Su caballo piafó echando humo por los ollares y Marco le pegó un nuevo fustazo en su costado derecho. Llevaba horas de galope tendido en las cuales apenas si se habían detenido, forzando al animal hasta el límite y consciente de que,  si bien le había pedido perdón cerca de diez veces por exigirle tamaño esfuerzo, tenía que hacerlo.

     Marco llegó a la retaguardia del ejército y quedó maravillado ante la impactante imagen de cien mil legionarios formados en orden de batalla a punto de enfrentarse a un ejército rival de cerca de cincuenta mil. Ni siquiera la mejor película de guerra podría reflejar algo tan impresionante como aquello. Se le puso la piel de gallina y sintió un escalofrío recorriéndole la espina.

     Sin detenerse ni aflojar el paso, giró hacia la derecha, al ala donde suponía que podría encontrar a Publio a lomos de su caballo, y volvió a girar a la izquierda al pasar junto al último de los legionarios. Calculó que habría más de tres mil jinetes allí mismo y otros tantos del otro lado, en el flanco izquierdo. Marco pasó junto a todos ellos aminorando la marcha y se dirigió hacia el frente de aquella formación.

     —¡Publio! —gritó. Media formación lo miró de soslayo y volvió la vista al frente un segundo después; el ejército de Aníbal resultaba mucho más interesante que él—. ¡Publio!

     Publio creyó escuchar su nombre y se dirigió a Lelio.

     —¿Escuchaste? Creo que gritaron mi nombre.

     —No escuché nada.

     Lelio solo tenía ojos y oídos para la batalla.

     —¡Publio!

     —¡Ey! Ahora sí lo escuché —dijo.

     —¿Lo ves? —remarcó Publio—. Alguien me busca.

     Espoleó a su caballo y rompió la formación en dirección a la voz. Lelio maldijo por lo bajo y lo siguió.

     Marco los vio y comenzó a agitar los brazos.

     —¡Aquí!

     —¡Allí! —señaló Lelio.

     A escasos metros de la última fila derecha de jinetes, Cayo Lelio, Marco y Publio Cornelio Escipión, acapararon la mirada de gran parte de los hombres montados. Atención que solo eran capaces de captar Lelio y Publio. Casi nadie sabía quién era Marco.
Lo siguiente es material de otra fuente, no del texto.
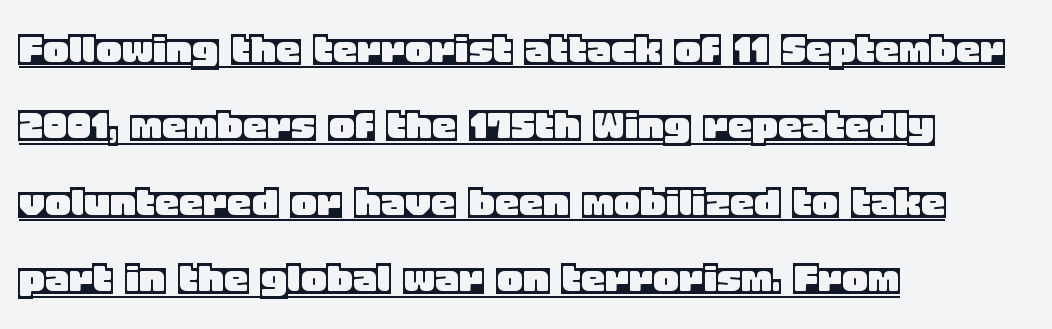
The image shows 49 px text type, upright; set left-aligned, normal line spacing (1.56x), normal letter spacing, underlined; a large x-height.
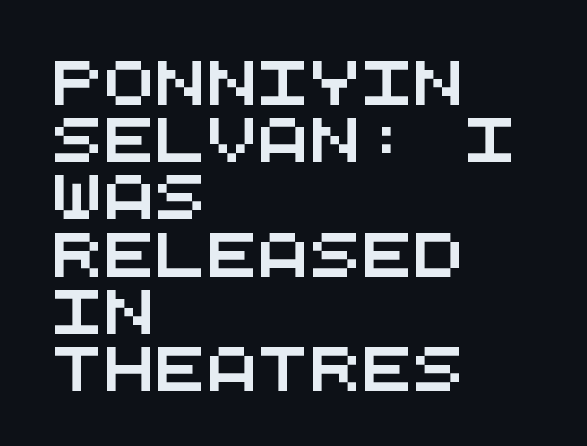
Q: Is the typeface a serif or a sans-serif typeface? A: Sans-serif.
Q: Is the text underlined? A: No.
Q: How is the paragraph aligned? A: Left-aligned.
Q: Is the spacing between letters normal or unusually wide? A: Normal.
Q: Is the spacing between lines tight, normal or loose? A: Normal.
Q: Width (condensed, normal, or wide)? A: Wide.
Q: Stroke contrast? A: Medium.
Q: x-height? A: Large.
Q: Monospaced? A: Yes.
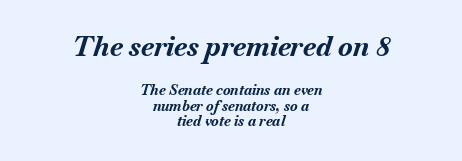
Q: Is the text bold? A: Yes.
Q: Is the text italic (slanted)? A: Yes, it leans right by about 18 degrees.
Q: Is the text underlined? A: No.
Q: How is the paragraph aligned? A: Centered.
Q: Is the spacing between letters normal or unusually wide? A: Normal.
Q: Is the spacing between lines tight, normal or loose? A: Tight.
Q: Which block of text is set in a larger size, the first (top) or the second (bottom)? A: The first (top) one.
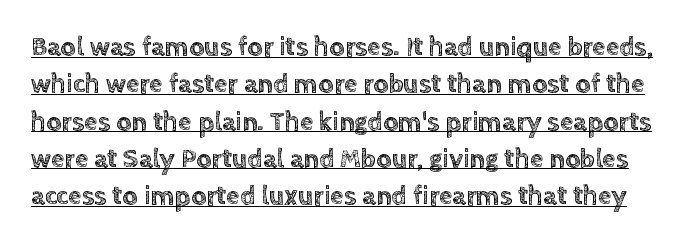
The image shows 27 px text type, upright; set normal line spacing (1.38x), normal letter spacing, underlined.
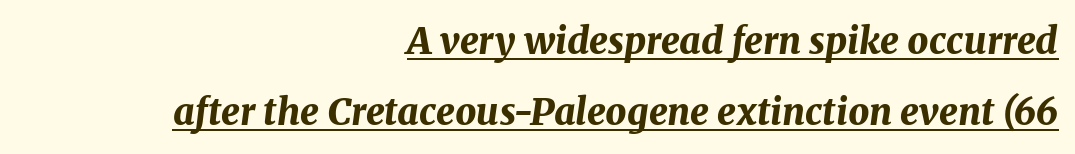
{"italic": "yes", "lean": "right", "slant_degrees": 8, "bold": "yes", "weight": "bold", "width": "normal", "stroke_contrast": "medium", "x_height": "medium", "monospaced": "no", "underline": "yes", "align": "right", "line_spacing": "loose", "line_spacing_ratio": 1.93, "letter_spacing": "normal", "letter_spacing_em": 0.0, "glyph_px": 37}
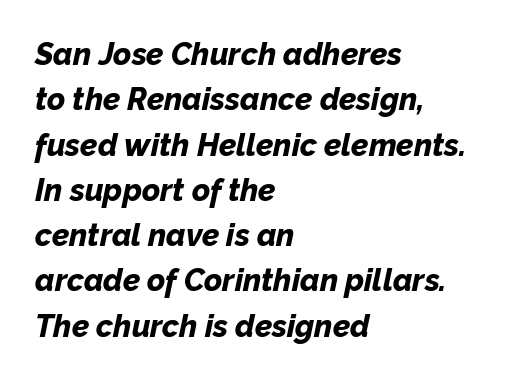
Q: Is the text bold? A: Yes.
Q: Is the text italic (slanted)? A: Yes, it leans right by about 12 degrees.
Q: Is the text underlined? A: No.
Q: How is the paragraph aligned? A: Left-aligned.
Q: Is the spacing between letters normal or unusually wide? A: Normal.
Q: Is the spacing between lines tight, normal or loose? A: Normal.
Q: Width (condensed, normal, or wide)? A: Normal.
Q: Stroke contrast? A: Low.
Q: x-height? A: Medium.
Q: Monospaced? A: No.

     —¡Publio, Lelio! —Marco estaba sudado, sucio y agotado—. Tienen que escucharme, por favor...

     —¿Pasó algo con Flavia? —preguntó Publio.

     —No, Flavia está bien... sigue igual, quiero decir. —Hizo gestos con la mano para cambiar el tema—. Tengo que hablar con ustedes ahora mismo, no hay tiempo, créanme.
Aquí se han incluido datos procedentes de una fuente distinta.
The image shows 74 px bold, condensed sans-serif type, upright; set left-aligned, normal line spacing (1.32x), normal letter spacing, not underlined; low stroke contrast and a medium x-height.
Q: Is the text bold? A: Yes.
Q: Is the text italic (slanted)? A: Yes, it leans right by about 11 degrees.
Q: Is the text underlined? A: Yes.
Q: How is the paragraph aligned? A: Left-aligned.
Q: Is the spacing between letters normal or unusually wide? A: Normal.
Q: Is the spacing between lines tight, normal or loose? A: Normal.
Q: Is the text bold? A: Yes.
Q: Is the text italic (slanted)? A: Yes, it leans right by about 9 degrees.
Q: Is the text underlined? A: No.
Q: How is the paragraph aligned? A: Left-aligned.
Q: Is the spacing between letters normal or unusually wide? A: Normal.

     Publio se puso serio.

     —Marco, por si no lo has notado, estamos a punto de entrar en combate.

     Marco asintió repetidas veces.

     —Lo sé, lo sé... —Tragó saliva—. Publio, tienes que detener esto...

     —¿Qué cosa?

     —Esta batalla, tienes que detenerla, Publio, por favor. Tienes que hablar con el cónsul, con tu suegro, y decirle que ¡No-Deben-Luchar!
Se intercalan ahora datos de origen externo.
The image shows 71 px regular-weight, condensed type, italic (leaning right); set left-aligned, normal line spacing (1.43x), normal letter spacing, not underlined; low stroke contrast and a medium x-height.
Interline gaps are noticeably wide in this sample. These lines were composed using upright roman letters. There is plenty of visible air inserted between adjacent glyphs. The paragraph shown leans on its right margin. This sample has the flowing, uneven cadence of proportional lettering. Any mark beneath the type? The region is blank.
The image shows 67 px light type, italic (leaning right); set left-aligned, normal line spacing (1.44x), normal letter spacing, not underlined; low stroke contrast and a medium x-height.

     —¿Te has vuelto loco, Marco? —preguntó Lelio.

     A Marco le temblaban las manos.

     —Tenemos cien mil hombres aquí, Marco, y Aníbal apenas la mitad. Esta batalla será nuestra. —Publio miró hacia los hombres que los observaban—. Deja ya este tema antes de que te metas en problemas, amigo, por favor.